Task to carry out >>
Please transcribe only the lines between the one containing "Captured here 2.5 s after image 1." and the end of the records, both ends included, exactly as written; skip every picture.

Recorded data >>

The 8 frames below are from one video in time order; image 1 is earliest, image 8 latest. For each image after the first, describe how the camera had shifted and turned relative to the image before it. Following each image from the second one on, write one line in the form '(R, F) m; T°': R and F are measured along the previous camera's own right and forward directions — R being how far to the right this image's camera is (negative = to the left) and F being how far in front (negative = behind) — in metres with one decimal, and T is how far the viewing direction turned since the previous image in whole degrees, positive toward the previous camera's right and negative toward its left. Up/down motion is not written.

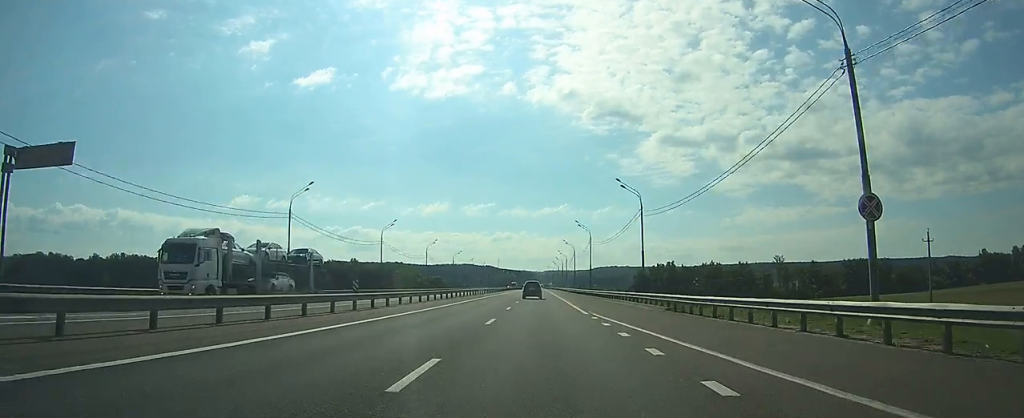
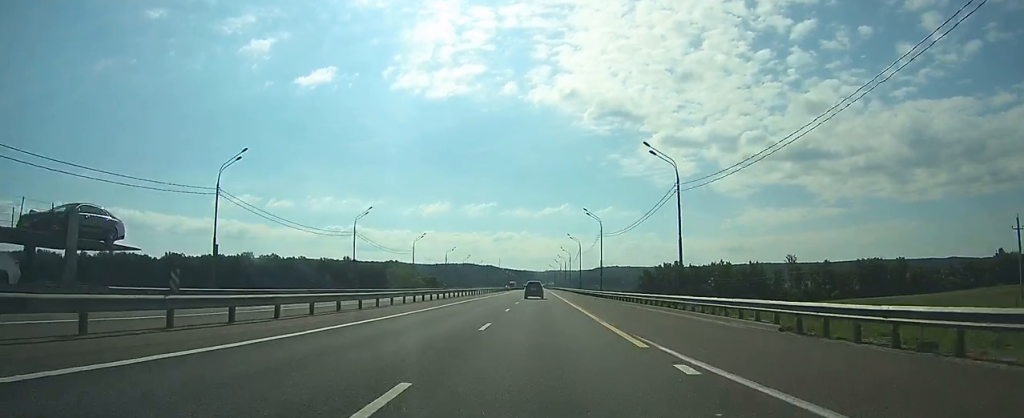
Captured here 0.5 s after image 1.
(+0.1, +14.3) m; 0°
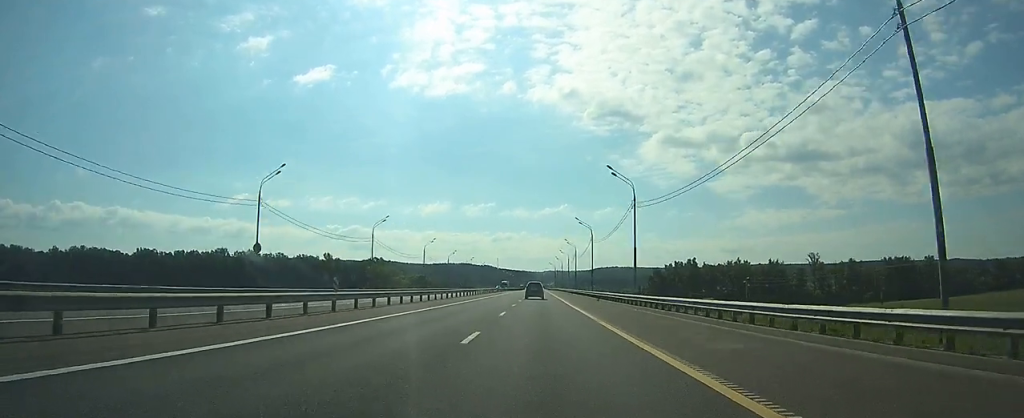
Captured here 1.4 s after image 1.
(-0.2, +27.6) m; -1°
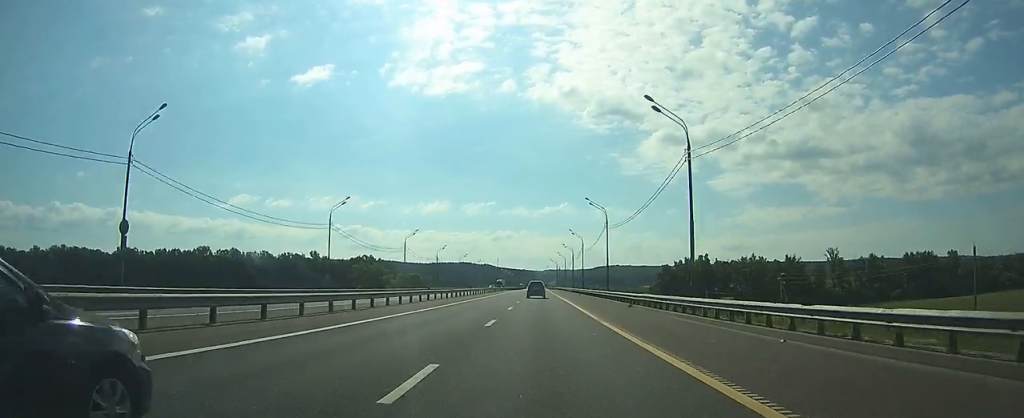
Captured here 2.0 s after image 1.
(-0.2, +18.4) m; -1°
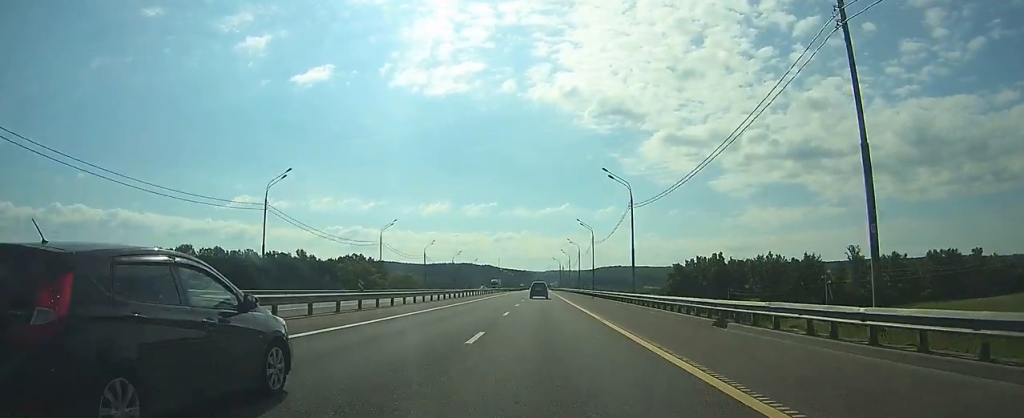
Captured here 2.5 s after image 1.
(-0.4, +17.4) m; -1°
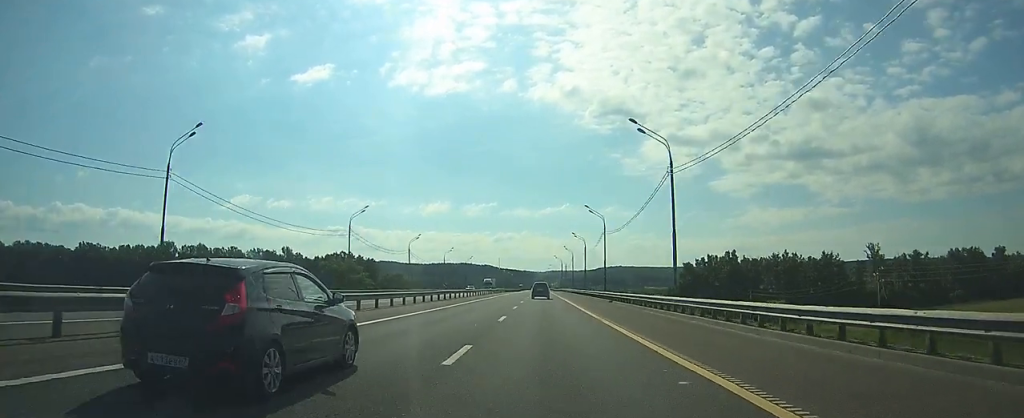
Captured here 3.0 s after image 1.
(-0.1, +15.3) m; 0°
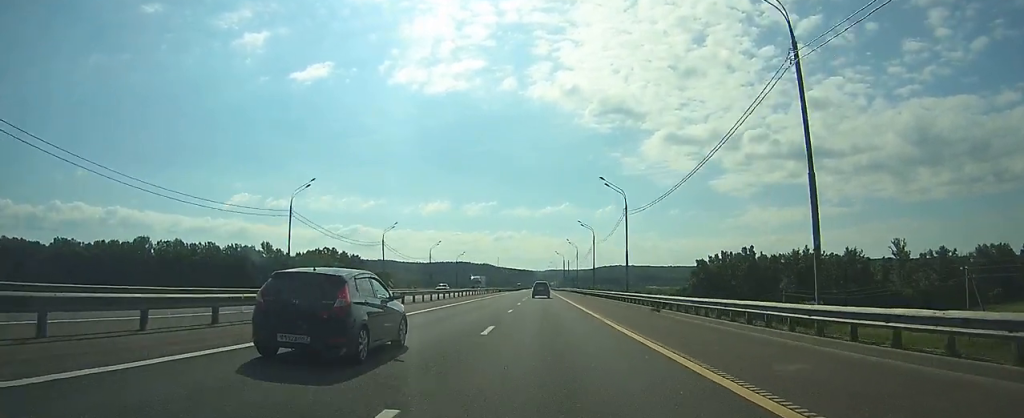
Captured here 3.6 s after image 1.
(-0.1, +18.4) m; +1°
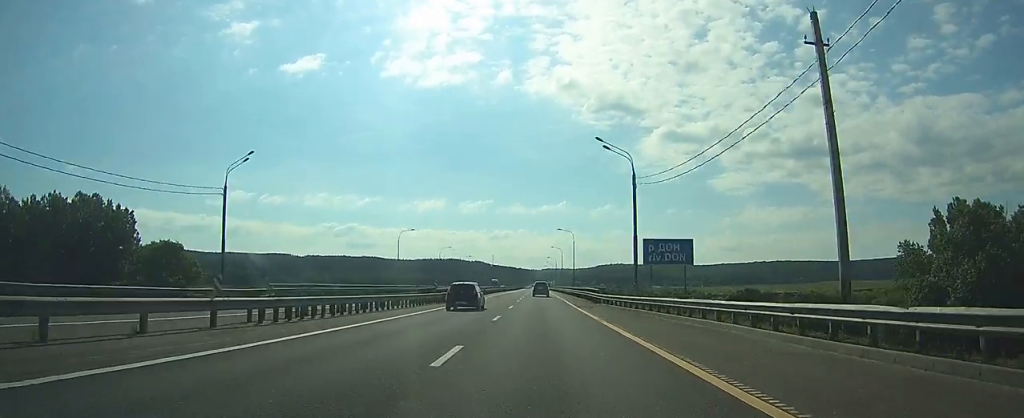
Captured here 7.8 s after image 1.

Answer to the problem >>
Captured here 2.5 s after image 1.
(-0.4, +17.4) m; -1°
Captured here 3.0 s after image 1.
(-0.1, +15.3) m; 0°
Captured here 3.6 s after image 1.
(-0.1, +18.4) m; +1°
Captured here 7.8 s after image 1.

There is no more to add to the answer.